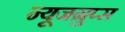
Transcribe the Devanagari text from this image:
न्यूजग्रुप्स
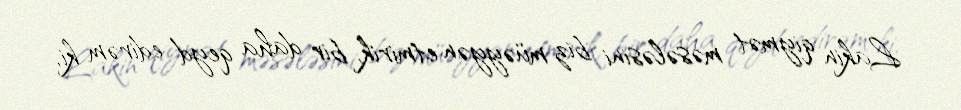
Lakin qiymət məsələsini biz müəyyən etmirik, bir daha qeyd edirəm ki,
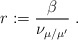
\begin{align*}r:=\frac{\beta}{\nu_{\mu/\mu'}}\;.\end{align*}
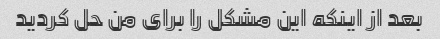
بعد از اینکه این مشکل را برای من حل کردید
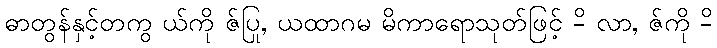
ဓာတွန်နှင့်တကွ ယ်ကို ဇ်ပြု, ယထာဂမ မိကာရောသုတ်ဖြင့် -ိ လာ, ဇ်ကို -ိ
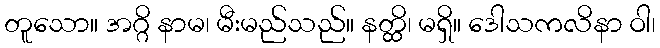
တူသော။ အဂ္ဂိ နာမ၊ မီးမည်သည်။ နတ္ထိ၊ မရှိ။ ဒေါသကလိနာ ဝါ၊
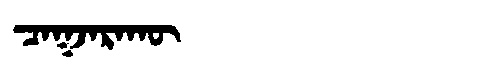
Manchu: ᠴᠠᡴᠵᠠᡵᠠᡴᡡ
Romanization: CAKJARAKŪ
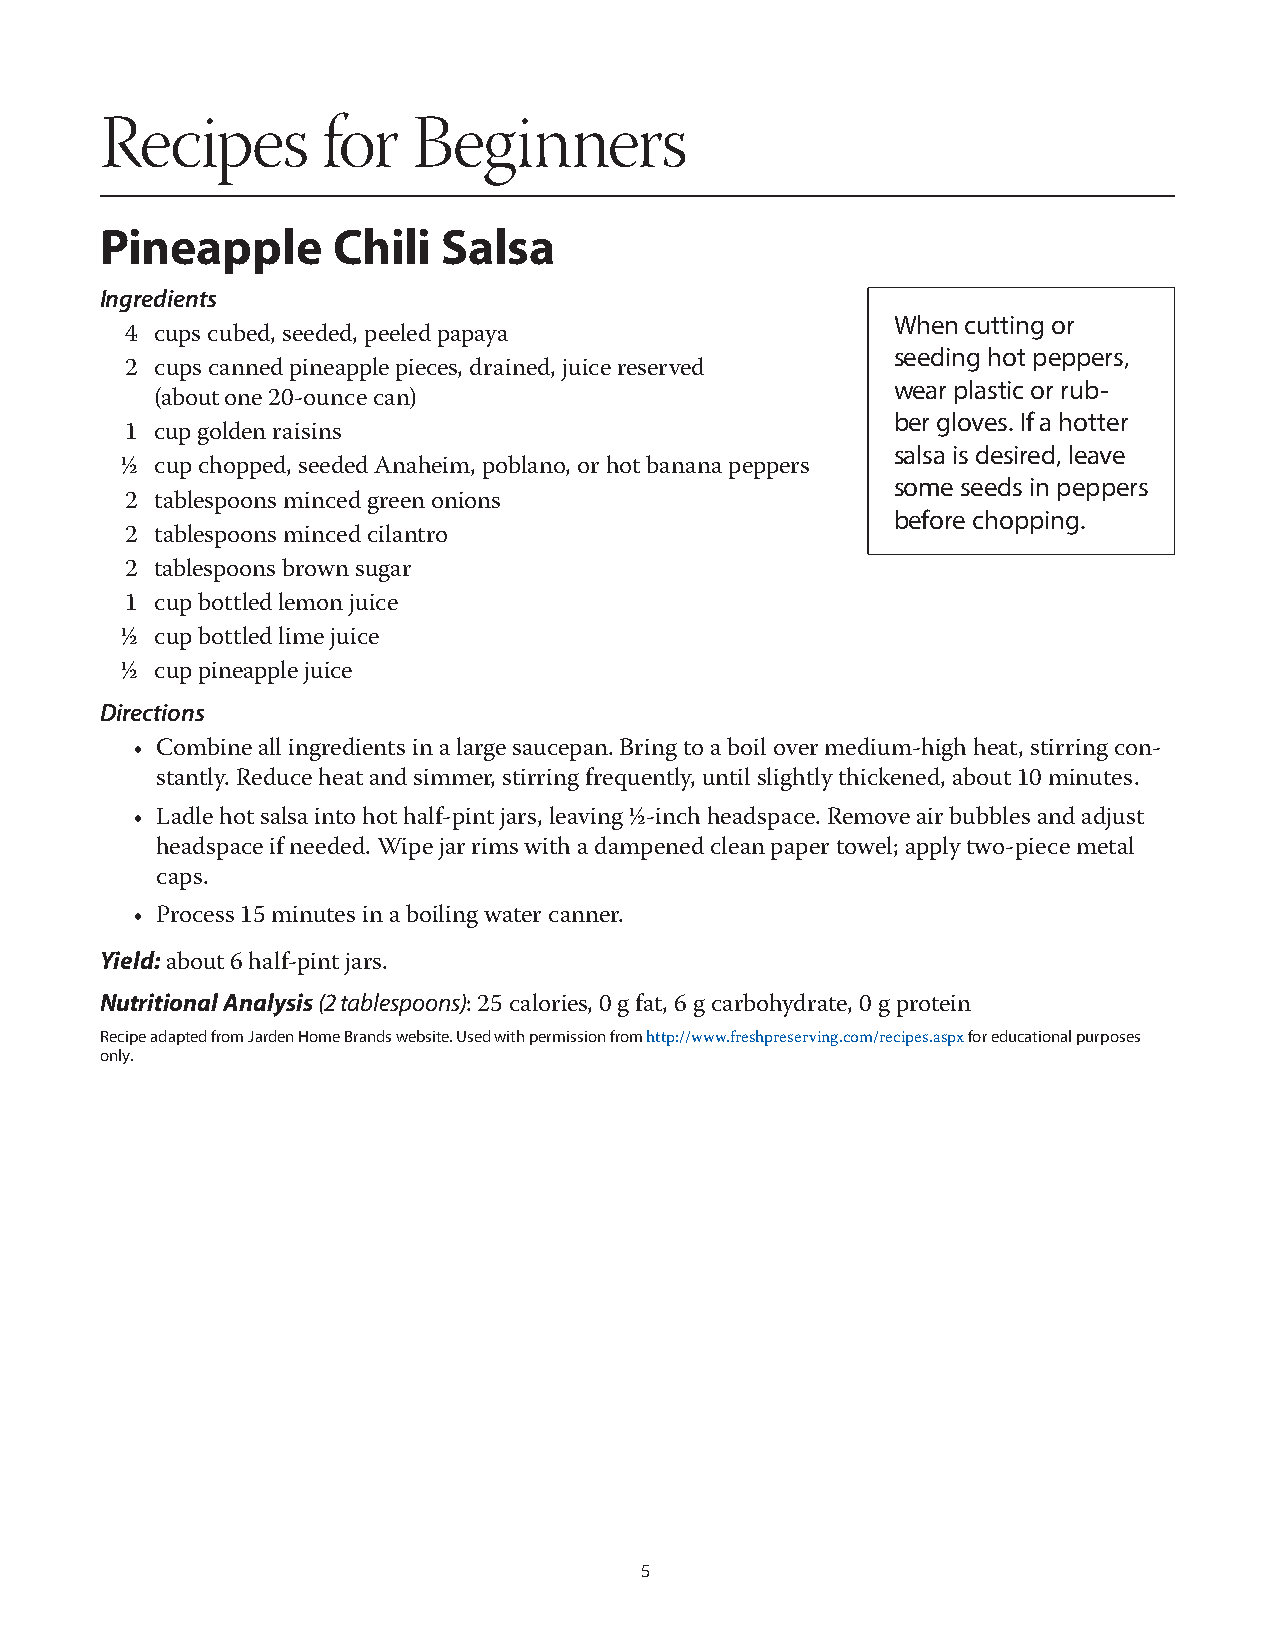
Recipes       for   Beginners
 Pineapple      Chili  Salsa
 Ingredients
 When cutting or
 4 cups cubed, seeded, peeled papaya
 seeding hot peppers,
 2 cups canned pineapple pieces, drained, juice reserved
 wear plastic or rub-
 (about one 20-ounce can)
 ber gloves. If a hotter
 1 cup golden raisins
 salsa is desired, leave
 ½ cup chopped, seeded Anaheim, poblano, or hot banana peppers
 some seeds in peppers
 2 tablespoons minced green onions
 before chopping.
 2 tablespoons minced cilantro
 2 tablespoons brown sugar
 1 cup bottled lemon juice
 ½ cup bottled lime juice
 ½ cup pineapple juice
 Directions
 • Combine all ingredients in a large saucepan. Bring to a boil over medium-high heat, stirring con-
 stantly. Reduce heat and simmer, stirring frequently, until slightly thickened, about 10 minutes.
 • Ladle hot salsa into hot half-pint jars, leaving ½-inch headspace. Remove air bubbles and adjust
 headspace if needed. Wipe jar rims with a dampened clean paper towel; apply two-piece metal
 caps.
 • Process 15 minutes in a boiling water canner.
 Yield:
 about 6 half-pint jars.
 Nutritional Analysis (2 tablespoons)
 : 25 calories, 0 g fat, 6 g carbohydrate, 0 g protein
 Recipe adapted from Jarden Home Brands website. Used with permission from http://www.freshpreserving.com/recipes.aspx for educational purposes
 only.
 5
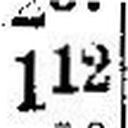
112

# PROBLEM DESCRIPTION
Repeat only the lines between the start of the data and the line with "2 cups canned", including those two lines, and skip the pictures.

# ANSWER TO THIS EXERCISE
Transcribe the Devanagari text from this image:
न्यूजग्रुप्स
Lakin qiymət məsələsini biz müəyyən etmirik, bir daha qeyd edirəm ki,
\begin{align*}r:=\frac{\beta}{\nu_{\mu/\mu'}}\;.\end{align*}
بعد از اینکه این مشکل را برای من حل کردید
ဓာတွန်နှင့်တကွ ယ်ကို ဇ်ပြု, ယထာဂမ မိကာရောသုတ်ဖြင့် -ိ လာ, ဇ်ကို -ိ
တူသော။ အဂ္ဂိ နာမ၊ မီးမည်သည်။ နတ္ထိ၊ မရှိ။ ဒေါသကလိနာ ဝါ၊
Manchu: ᠴᠠᡴᠵᠠᡵᠠᡴᡡ
Romanization: CAKJARAKŪ
Recipes       for   Beginners
 Pineapple      Chili  Salsa
 Ingredients
 When cutting or
 4 cups cubed, seeded, peeled papaya
 seeding hot peppers,
 2 cups canned pineapple pieces, drained, juice reserved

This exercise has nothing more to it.